1. wind control is abstracted into a supervised classification task, the learning target is to minimize overdue risk and bad account risk, the effect evaluation indexes are limited to overdue rate and bad account rate, and iterative optimization of credit limits, interest rates and time limits is omitted, so that the optimization target of the wind control model is deviated from the business target. The most fundamental goal of business is profit maximization, and due to the existence of the above-mentioned target deviation, the existing wind control system is not the most direct and efficient method for profit maximization.

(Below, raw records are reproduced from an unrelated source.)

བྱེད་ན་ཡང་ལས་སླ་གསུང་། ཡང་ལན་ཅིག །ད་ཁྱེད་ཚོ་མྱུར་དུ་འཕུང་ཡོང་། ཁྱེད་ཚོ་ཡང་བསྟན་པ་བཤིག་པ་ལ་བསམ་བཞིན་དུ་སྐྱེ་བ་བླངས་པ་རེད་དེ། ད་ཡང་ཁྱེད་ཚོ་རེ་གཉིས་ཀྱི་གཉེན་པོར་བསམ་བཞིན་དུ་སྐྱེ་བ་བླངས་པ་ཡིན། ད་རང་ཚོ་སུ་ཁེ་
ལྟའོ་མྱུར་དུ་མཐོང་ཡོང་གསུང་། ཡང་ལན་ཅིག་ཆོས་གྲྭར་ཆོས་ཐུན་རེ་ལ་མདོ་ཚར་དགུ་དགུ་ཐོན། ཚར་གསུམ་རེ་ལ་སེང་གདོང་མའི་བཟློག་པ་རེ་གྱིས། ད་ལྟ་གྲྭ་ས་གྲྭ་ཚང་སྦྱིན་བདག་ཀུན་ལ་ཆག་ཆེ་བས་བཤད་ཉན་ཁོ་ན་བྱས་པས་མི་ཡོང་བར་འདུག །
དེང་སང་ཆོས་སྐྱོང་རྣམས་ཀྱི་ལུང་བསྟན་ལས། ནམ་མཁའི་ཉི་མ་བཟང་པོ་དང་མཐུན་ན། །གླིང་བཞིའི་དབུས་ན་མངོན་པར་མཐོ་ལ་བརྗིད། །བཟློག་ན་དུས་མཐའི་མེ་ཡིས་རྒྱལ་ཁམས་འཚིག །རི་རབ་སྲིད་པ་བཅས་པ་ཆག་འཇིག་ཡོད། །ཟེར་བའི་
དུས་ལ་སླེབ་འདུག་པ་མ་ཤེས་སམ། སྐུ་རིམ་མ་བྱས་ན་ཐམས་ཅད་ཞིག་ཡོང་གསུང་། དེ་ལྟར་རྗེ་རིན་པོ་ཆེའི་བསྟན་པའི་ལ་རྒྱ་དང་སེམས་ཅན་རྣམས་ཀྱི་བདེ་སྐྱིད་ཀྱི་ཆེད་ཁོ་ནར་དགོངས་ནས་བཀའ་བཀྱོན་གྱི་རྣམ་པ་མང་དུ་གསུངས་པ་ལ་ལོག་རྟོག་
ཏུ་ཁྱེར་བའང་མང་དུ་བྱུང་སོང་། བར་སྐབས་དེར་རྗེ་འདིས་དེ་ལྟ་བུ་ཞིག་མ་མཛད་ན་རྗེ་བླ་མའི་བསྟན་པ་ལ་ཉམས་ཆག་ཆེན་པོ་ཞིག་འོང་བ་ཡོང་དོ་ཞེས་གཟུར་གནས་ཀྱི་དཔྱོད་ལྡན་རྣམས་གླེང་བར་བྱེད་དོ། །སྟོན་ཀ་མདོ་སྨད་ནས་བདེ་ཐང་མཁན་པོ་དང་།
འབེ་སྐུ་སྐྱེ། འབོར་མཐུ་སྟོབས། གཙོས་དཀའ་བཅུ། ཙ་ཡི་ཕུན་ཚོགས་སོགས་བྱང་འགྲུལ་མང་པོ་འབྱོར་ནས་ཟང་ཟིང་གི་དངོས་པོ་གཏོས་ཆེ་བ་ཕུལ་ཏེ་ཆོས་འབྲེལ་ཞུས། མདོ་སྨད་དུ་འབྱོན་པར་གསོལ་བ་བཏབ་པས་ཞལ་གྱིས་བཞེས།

2. The machine learning process usually requires hundreds of thousands or even tens of millions of samples to be trained offline, and at least several days are needed for accumulating enough magnitude samples in real business, so that the updating of the wind control model is delayed, and when the market trend changes due to policy or large environmental influence, the wind control model cannot rapidly cope with the market change.

Disclosure of Invention

In order to solve the problems that the optimization target of the wind control model is deviated from the commercial target and the updating of the wind control model is delayed in the conventional credit wind control system, the invention provides a wind control model construction method based on reinforcement learning, which comprises the following steps:

receiving a credit request of a user, acquiring data required by a wind control decision, and performing access strategy verification;

processing the data required by the wind control decision, constructing a state vector, and generating a return prediction network according to the state vector and a predefined action space by combining a reinforcement learning model;

the return prediction network calculates to obtain the prediction return after each action in the action space is implemented, and selects and implements the action with the maximum expected return by adopting a preset search strategy;

and calculating the real return after the action is implemented according to the actual repayment result of the user, and updating the parameters of the return prediction network by taking return maximization as a target according to the real return and the prediction return.

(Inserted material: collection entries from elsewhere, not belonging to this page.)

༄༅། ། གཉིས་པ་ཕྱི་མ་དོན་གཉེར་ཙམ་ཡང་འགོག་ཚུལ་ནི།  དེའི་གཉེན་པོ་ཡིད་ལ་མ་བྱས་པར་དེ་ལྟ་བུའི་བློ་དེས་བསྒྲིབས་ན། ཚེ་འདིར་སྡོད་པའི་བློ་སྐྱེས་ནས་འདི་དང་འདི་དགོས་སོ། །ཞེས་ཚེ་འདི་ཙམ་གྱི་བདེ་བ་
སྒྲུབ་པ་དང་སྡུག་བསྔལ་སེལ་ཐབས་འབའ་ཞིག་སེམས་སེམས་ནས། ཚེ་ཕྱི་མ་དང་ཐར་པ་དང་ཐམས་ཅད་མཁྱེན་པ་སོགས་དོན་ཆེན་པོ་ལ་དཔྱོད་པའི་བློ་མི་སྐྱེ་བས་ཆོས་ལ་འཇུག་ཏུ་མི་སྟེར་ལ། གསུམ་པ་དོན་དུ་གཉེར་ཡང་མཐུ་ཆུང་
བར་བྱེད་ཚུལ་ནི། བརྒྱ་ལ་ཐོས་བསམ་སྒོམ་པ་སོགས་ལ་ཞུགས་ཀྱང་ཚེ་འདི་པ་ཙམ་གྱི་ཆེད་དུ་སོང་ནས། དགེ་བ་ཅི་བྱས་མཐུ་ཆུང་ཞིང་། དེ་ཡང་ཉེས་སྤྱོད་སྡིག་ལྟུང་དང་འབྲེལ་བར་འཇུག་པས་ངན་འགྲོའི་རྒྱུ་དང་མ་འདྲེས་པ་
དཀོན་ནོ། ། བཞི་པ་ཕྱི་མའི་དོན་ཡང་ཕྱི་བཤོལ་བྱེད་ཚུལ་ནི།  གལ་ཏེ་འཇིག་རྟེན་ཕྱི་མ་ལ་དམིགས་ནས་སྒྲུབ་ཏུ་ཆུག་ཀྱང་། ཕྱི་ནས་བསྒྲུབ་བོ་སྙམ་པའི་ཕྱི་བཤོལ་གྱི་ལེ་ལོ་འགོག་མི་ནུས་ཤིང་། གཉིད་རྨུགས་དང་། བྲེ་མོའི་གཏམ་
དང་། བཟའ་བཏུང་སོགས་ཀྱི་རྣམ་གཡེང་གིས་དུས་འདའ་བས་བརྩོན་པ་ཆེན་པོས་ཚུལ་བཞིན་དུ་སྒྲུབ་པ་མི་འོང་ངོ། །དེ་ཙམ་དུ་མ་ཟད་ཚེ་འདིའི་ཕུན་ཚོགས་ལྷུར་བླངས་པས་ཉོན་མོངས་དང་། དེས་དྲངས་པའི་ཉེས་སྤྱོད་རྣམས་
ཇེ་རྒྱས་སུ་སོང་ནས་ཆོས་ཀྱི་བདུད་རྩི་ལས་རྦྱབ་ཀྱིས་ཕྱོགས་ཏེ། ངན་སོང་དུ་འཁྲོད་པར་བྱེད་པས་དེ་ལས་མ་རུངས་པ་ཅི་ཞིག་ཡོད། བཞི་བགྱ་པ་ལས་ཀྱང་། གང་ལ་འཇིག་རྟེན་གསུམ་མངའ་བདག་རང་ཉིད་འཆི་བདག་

The invention also provides a wind control model construction device based on reinforcement learning, which comprises the following steps:

the verification module is used for receiving the credit request of the user, acquiring data required by the wind control decision and verifying the access strategy;

the generating module is used for processing the data required by the wind control decision, constructing a state vector and generating a return prediction network according to the state vector and a predefined action space by combining a reinforcement learning model;

the execution module is used for calculating to obtain the predicted return after each action in the action space is implemented by using the return prediction network, and selecting and implementing the action with the maximum expected return by adopting a preset search strategy;

and the updating module is used for calculating the real return after the action is implemented according to the actual repayment result of the user, and updating the parameters of the return prediction network by taking return maximization as a target according to the real return and the prediction return.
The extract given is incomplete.